Bu durumda faşizmi yalnızca ideolojik ve söylemsel araçlarıyla tanımlamış olmuyor muyuz?

Bunlar bir tanımlamadan ziyade faşist hareket ve iktidarları teşhis etmemizi, yani gördüğümüzde tanımamızı sağlayan unsurlar. Eş zamansızlık ve karşı devrimci yıkıcılık beraberinde bu iki özellikle yeniden anlam kazanan şovenist milliyetçiliği, yayılmacılığı, otoriter saldırganlığı, yıkıcı kitle mobilizasyonunu, antikomünizmi ve bununla uyumlu pek çok başka özelliği beraberinde getirir. Bu ek özellikler faşizmin kök saldığı ülkenin koşullarına göre değişebilir. Bu ek özellikleri de ortaya çıkardığımızda herhangi bir yerdeki faşist hareketi ya da iktidarı yalnızca teşhis değil aynı zamanda tarif de etmiş oluruz. Yani bu özelliklerle, bir ülkedeki faşizmin nasıl iş gördüğünü anlatmış oluruz. Fakat onu hâlâ tanımlamış olmuyoruz.

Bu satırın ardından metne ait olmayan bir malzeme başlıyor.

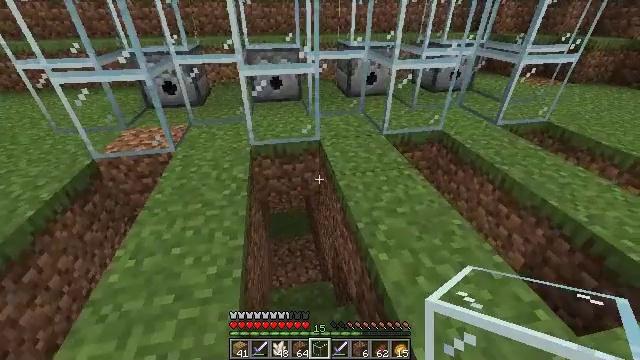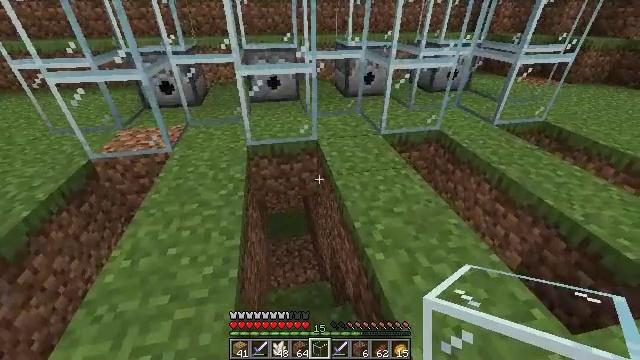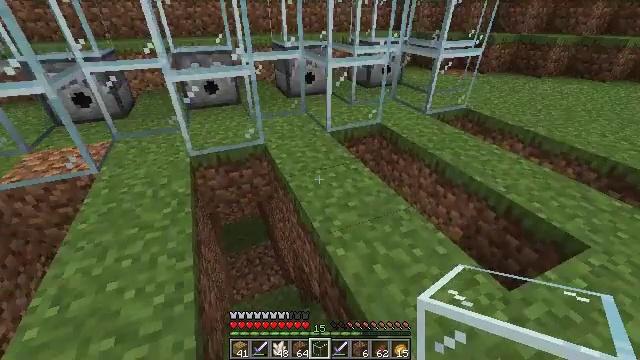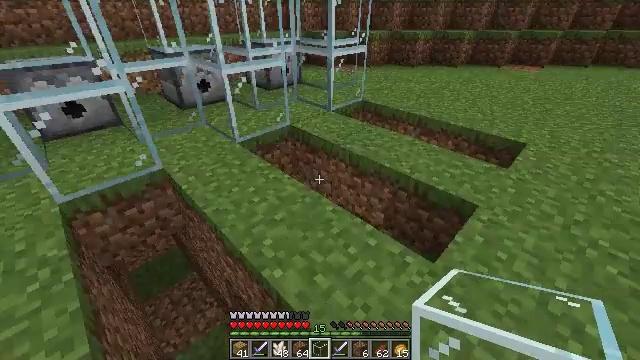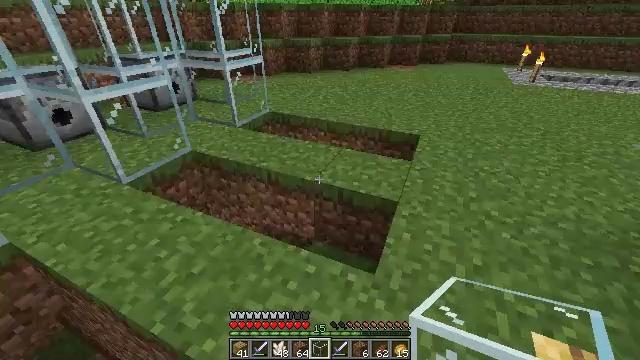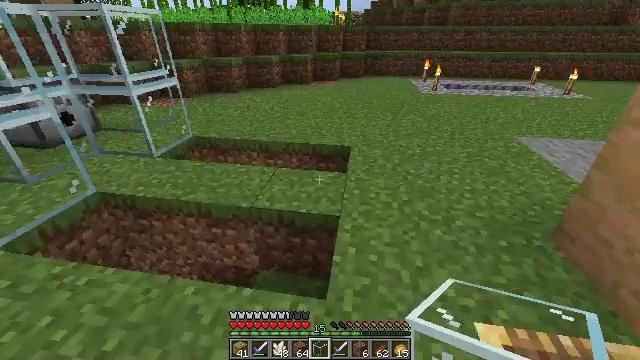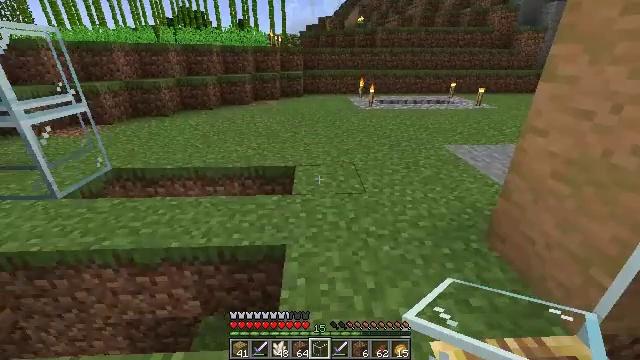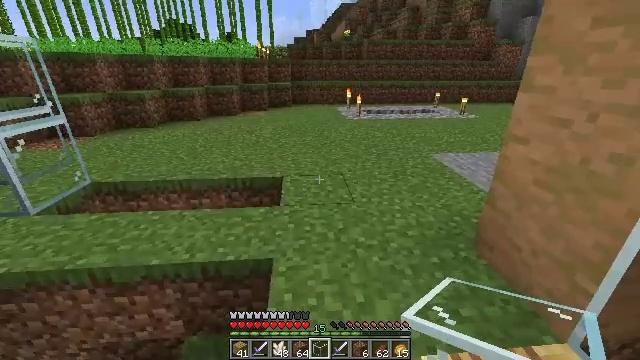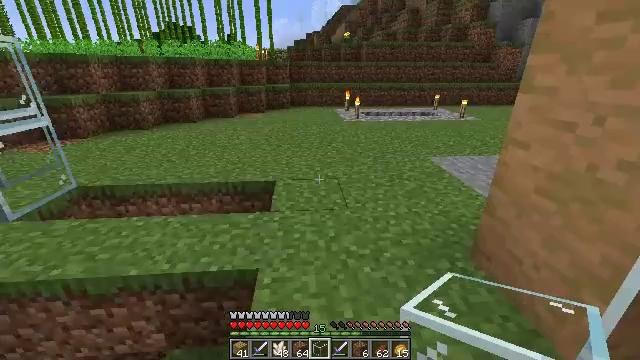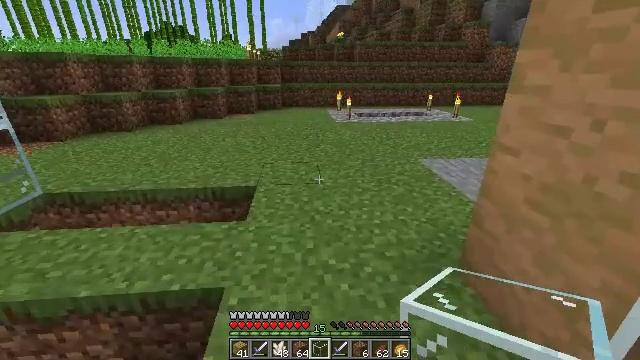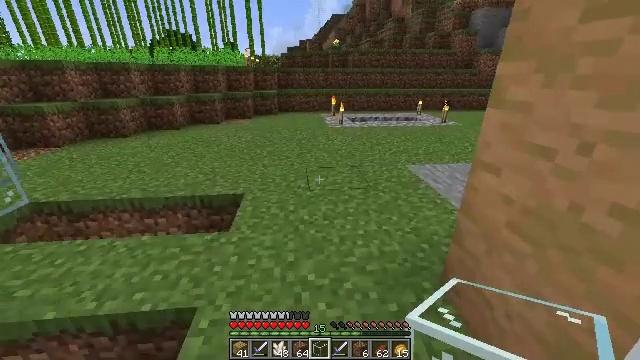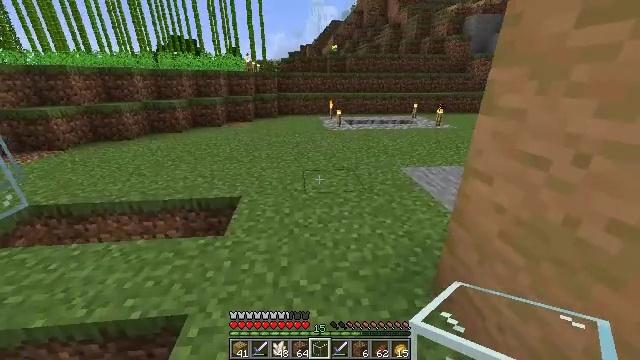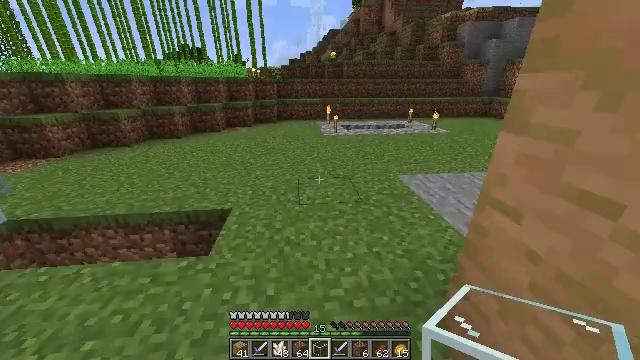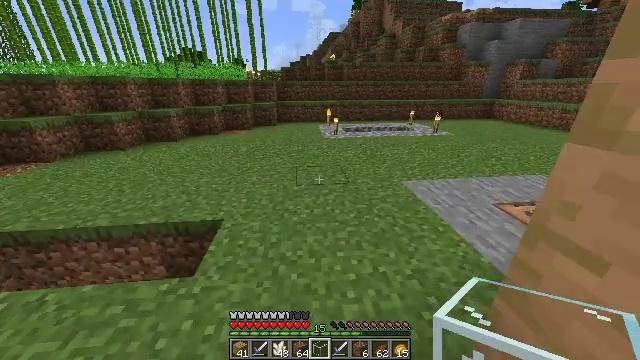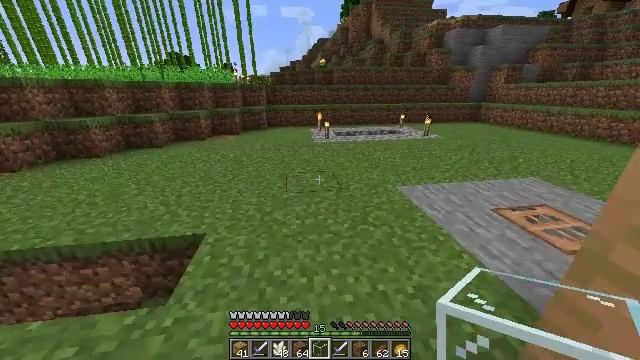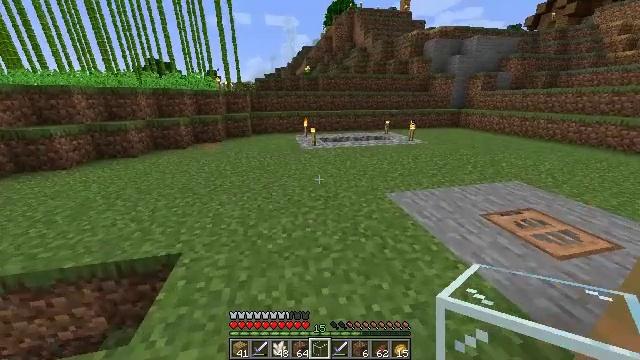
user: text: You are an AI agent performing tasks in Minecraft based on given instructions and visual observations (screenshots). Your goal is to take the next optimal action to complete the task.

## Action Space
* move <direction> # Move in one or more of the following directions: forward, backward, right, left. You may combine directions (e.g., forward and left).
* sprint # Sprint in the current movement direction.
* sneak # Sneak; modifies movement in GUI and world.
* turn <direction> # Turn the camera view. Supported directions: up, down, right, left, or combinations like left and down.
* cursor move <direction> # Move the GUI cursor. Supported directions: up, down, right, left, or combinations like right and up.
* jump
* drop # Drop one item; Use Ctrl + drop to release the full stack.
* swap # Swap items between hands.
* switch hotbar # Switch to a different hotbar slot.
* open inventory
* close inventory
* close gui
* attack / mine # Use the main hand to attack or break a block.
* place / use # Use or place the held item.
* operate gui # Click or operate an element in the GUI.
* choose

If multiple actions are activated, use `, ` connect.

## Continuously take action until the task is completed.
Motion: motion action
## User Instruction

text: Use the crafting table to make a minecart.
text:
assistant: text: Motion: no_op
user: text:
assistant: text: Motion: move forward, turn right
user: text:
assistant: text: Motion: move forward, turn right
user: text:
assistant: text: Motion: move forward, turn right and up
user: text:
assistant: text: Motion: move forward and move right, turn right and up
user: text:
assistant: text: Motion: move forward and move right, turn right and up
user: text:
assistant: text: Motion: move forward and move right, turn right and up
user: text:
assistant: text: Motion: move forward and move right
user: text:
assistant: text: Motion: move forward and move right, sprint
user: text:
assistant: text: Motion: move forward and move right, sprint
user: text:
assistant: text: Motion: move forward, sprint
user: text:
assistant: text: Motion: move forward
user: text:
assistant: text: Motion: move forward
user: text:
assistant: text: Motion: move forward, sprint, turn right
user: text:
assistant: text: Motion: move forward, sprint, turn right and up
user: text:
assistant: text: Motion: move forward, sprint
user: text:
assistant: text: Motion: move forward, sprint
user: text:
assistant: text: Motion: move forward
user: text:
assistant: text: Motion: move forward, sprint
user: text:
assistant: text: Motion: move forward, sprint
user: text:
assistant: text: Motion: move forward, sprint
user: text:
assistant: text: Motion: move forward, sprint, turn left and up
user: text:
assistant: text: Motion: move forward, turn left and up
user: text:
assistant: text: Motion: move forward, turn up
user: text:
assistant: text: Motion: move forward, sprint
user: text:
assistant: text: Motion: move forward, sprint
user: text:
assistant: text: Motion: move forward, sprint
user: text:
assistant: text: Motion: move forward
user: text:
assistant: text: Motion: move forward
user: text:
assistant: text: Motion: move forward, sprint

Bütüncül bir tanımlama, yani faşizm nedir sorusuna verdiğimiz yanıt bu teşhis ettiğimiz ayrıksı iki ideolojik motivasyonun ve ona eşlik eden özelliklerin kitleler içerisinde yaygınlaşmasını mümkün kılan maddi koşulları ve sınıfsal ilişkileri de içermek durumundadır. Yani tanımlama için şu sorunun da cevabını vermemiz gerekir: Kapitalist bir toplumsal formasyonda hangi koşullarda bugünden koparak şanlı geçmişi gelecekte yeniden canlandırma ajitasyonu ve bugünün kurumlarına yönelik karşı-devrimci bir yıkıcılık kitleler üzerinde etkili olabilir? Bu ancak toplumun geniş kesimlerinin bugünün yerleşik düzenine dair derin bir şüphecilik içerisinde olduğu, onun tarafından hegemonik bir şekilde kapsanamadığı, düzen parti ve kurumlarının da onları bir restorasyonla kapsayamayacak kadar itibarsızlaştığı Gramsci’nin deyimiyle bir organik kriz durumunda mümkün olabilir. Ve elbette bu aynı zamanda sol/sosyalist öznelerin de düzenden yabancılaşmış bu kesimlere yönelik devrimci programını ulaştıramayacak kadar zayıf olduğu bir durumda söz konusu olabilir. O zaman faşizmi sermaye sınıfının topluma bütünlüklü bir hegemonik proje üretemeyecek kadar itibarsız, aynı zamanda kendi içinde parçalı ve çaresiz olduğu egemen ideolojinin kriziyle birlikte değerlendirmek gerekir. Bunun yanında sınıf hareketinin veya sosyalistlerin de mevcut düzenden kaynaklı keskin rahatsızlıkları kendi siyasal programına eklemleyemediği Poulantzas’ın terimleriyle konuşursak “genel ideolojik kriz” koşullarını da hesaba katmamız lazım gelir. Hem altın çağı bugünü aşarak gelecekte yeniden canlandırma fikri hem de karşı-devrimci yıkıcılık ancak böyle bir çifte kriz ortamında kitleleri mobilize edebilir.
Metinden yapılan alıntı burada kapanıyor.